Изменить размер шрифта - +
— Тубасову скажите, что я жду у него в кабинете.

Мы все растерянно переглянулись: если Синцов успел наладить хоть какой-нибудь маломальский контакт, ни в коем случае нельзя прерывать процесс их общения, особенно в свете трехчасового срока, по истечении которого задержанный должен быть отпущен. По указанию прокурора.

Значит, единственная возможность задержать его дольше чем на три часа — узнать о нем что-то такое, что подтвердит его общественную опасность (уже понятно, что визит к женщине-следователю прокуратуры с обещанием ее уничтожить, путем взрыва или сожжения, общественную опасность субъекта никоим образом не подтверждает, надо копать глубже), и уложиться требуется в установленный законом срок. А если наш педантичный прокурор сейчас попрется его лично опрашивать и будет это делать с чувством, с толком, с расстановкой, как он делает все остальное, то, во-первых, он съест все отпущенное на содержание клиента время, а во-вторых, сведет на нет и без того непросто установленный контакт. А это означает, что к материалу проверки будет подшито ничего не значащее объяснение, полученное у Иванова лично прокурором района, следующим документом будет постановление об отказе в возбуждении уголовного дела, в дежурной части Иванову под расписку торжественно вернут изъятые шнурки и часы и отпустят на все четыре стороны. А мне останется ожидать его повторного визита. И я не исключаю, что второй раз он явится уже с тротилом. А что? Раз давеча все так славно кончилось, и ему даже пальцем не погрозили…

У всей нашей четверки чуть не вырвался из груди стон, но это не смутило прокурора. Он взялся за перила и уверенно стал подниматься к кабинету начальника РУВД, где собрался образцово-показательно поработать. Позади нас из дежурки уже выскочил Тубасов и понесся вслед за прокурором, чтобы обеспечить ему фронт работ. Нас обдало ароматом свежевыпитого коньяка.
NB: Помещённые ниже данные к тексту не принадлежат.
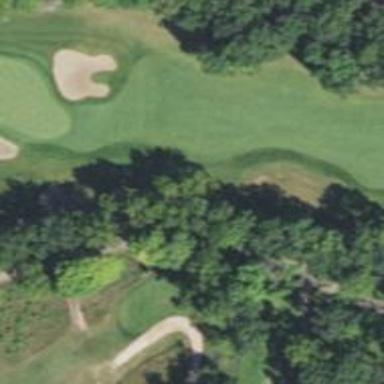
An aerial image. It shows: Pathway for golfing.
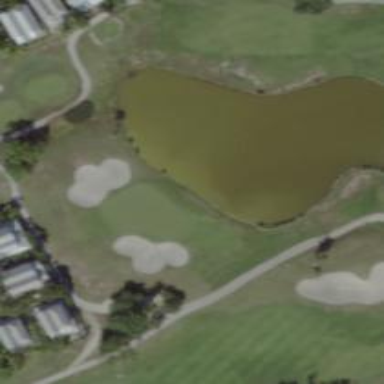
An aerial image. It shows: Golf hole.
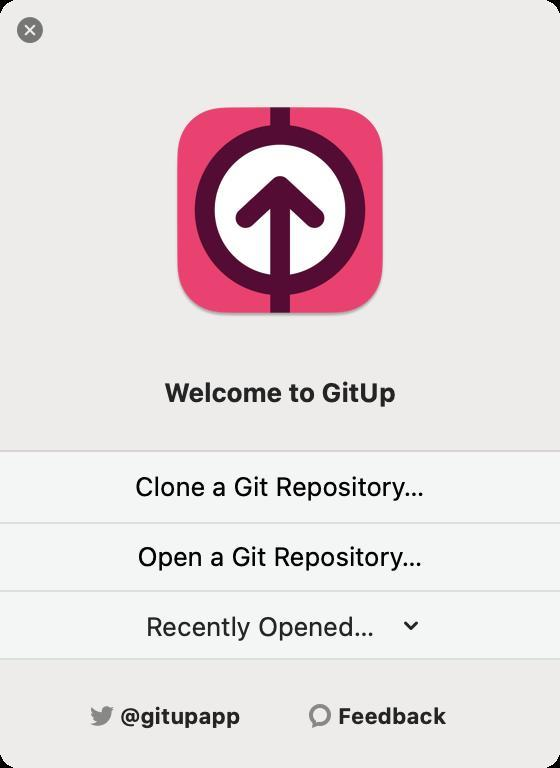
Accessibility tree:
{"name": "", "role": "AXWindow", "description": null, "role_description": "window", "value": null, "position": "699.00;333.00", "size": "280;384", "children": [{"name": null, "role": "AXGroup", "description": null, "role_description": "group", "value": null, "position": "0.00;0.00", "size": "280;384", "children": [{"name": "", "role": "AXButton", "description": "Close window", "role_description": "button", "value": null, "position": "0.00;0.00", "size": "30;30", "children": []}, {"name": null, "role": "AXImage", "description": "application icon", "role_description": "image", "value": null, "position": "76.00;41.00", "size": "128;128", "children": []}, {"name": null, "role": "AXStaticText", "description": null, "role_description": "text", "value": "Welcome to GitUp", "position": "58.00;187.00", "size": "164;17", "children": []}, {"name": null, "role": "AXGroup", "description": null, "role_description": "group", "value": null, "position": "0.00;226.00", "size": "280;35", "children": []}, {"name": null, "role": "AXGroup", "description": null, "role_description": "group", "value": null, "position": "0.00;261.00", "size": "280;35", "children": []}, {"name": null, "role": "AXGroup", "description": null, "role_description": "group", "value": null, "position": "0.00;295.00", "size": "280;35", "children": [{"name": "Recently_Opened…", "role": "AXMenuButton", "description": null, "role_description": "menu button", "value": null, "position": "65.00;302.00", "size": "150;21", "children": []}]}, {"name": null, "role": "AXImage", "description": "icon twitter", "role_description": "image", "value": null, "position": "45.00;352.00", "size": "12;12", "children": []}, {"name": null, "role": "AXImage", "description": "icon forum", "role_description": "image", "value": null, "position": "154.00;352.00", "size": "12;12", "children": []}]}]}

— Уволюсь я, к черту, — сказал мне на ухо Горчаков.

 

3

 

Мы вчетвером, не сговариваясь, тихо двинулись вслед за начальниками, хоть это и выглядело не совсем этично. Впереди шел Лешка с решительным видом, за ним — Мигулько со своим подчиненным, Гайворонским, и в арьергарде плелась я, в душе уговаривая себя, что иду просто за компанию, поскольку бороться с прокурором у меня сил уже нет. Да и не привыкла я, за много лет безбедного существования за могучей спиной родного шефа, тратить силы еще и на борьбу с непосредственным начальством, разбаловал нас Владимир Иванович. Ну, поднимемся, и что Горчаков сделает? Ляжет прокурору поперек дороги? Выкрадет у него из-под носа клиента? Вызовет начальника на дуэль?..

Поднявшись на второй этаж, где располагались начальственные кабинеты, мы замерли на площадке, прислушиваясь к скороговорке полковника Тубасова, сопровождавшейся позвякиваньем ключа и скрипом отпираемой двери.

— Проходите, Геннадий Васильич, — журчал он, видимо, пропуская вперед нашего прокурора. — Может, чайку, кофейку, чего покрепче?

Реплику прокурора мы не услышали, но я не сомневалась, что он ответит отказом. Умение держать дистанцию со всеми абсолютно, будь то поднадзорный элемент в милицейских погонах или подчиненные в прокурорских, было, несомненно, самой сильной стороной личности нашего нового руководителя. Уж в том, что он не решает дела за стаканом, я могла быть уверена. Послышалось мягкое чмоканье закрывшейся двери, потом тяжелые шаги полненького Тубасова и его командный окрик в сторону лестничной площадки:

— Мигулько! Костя! А ну, давай, притарань задержанного ко мне в кабинет! Быстро, быстро, прокурор ждет!

Мигулько кинул на нас затравленный взгляд и стал на цыпочках спускаться по лестнице, потянув за собой и Гайворонского, — вроде как его тут нет, и он не слышал приказа начальника. Гайворонский повлекся за ним; правда, оглянувшись на нас с Лешкой, хмыкнул и иронически приложил палец к губам.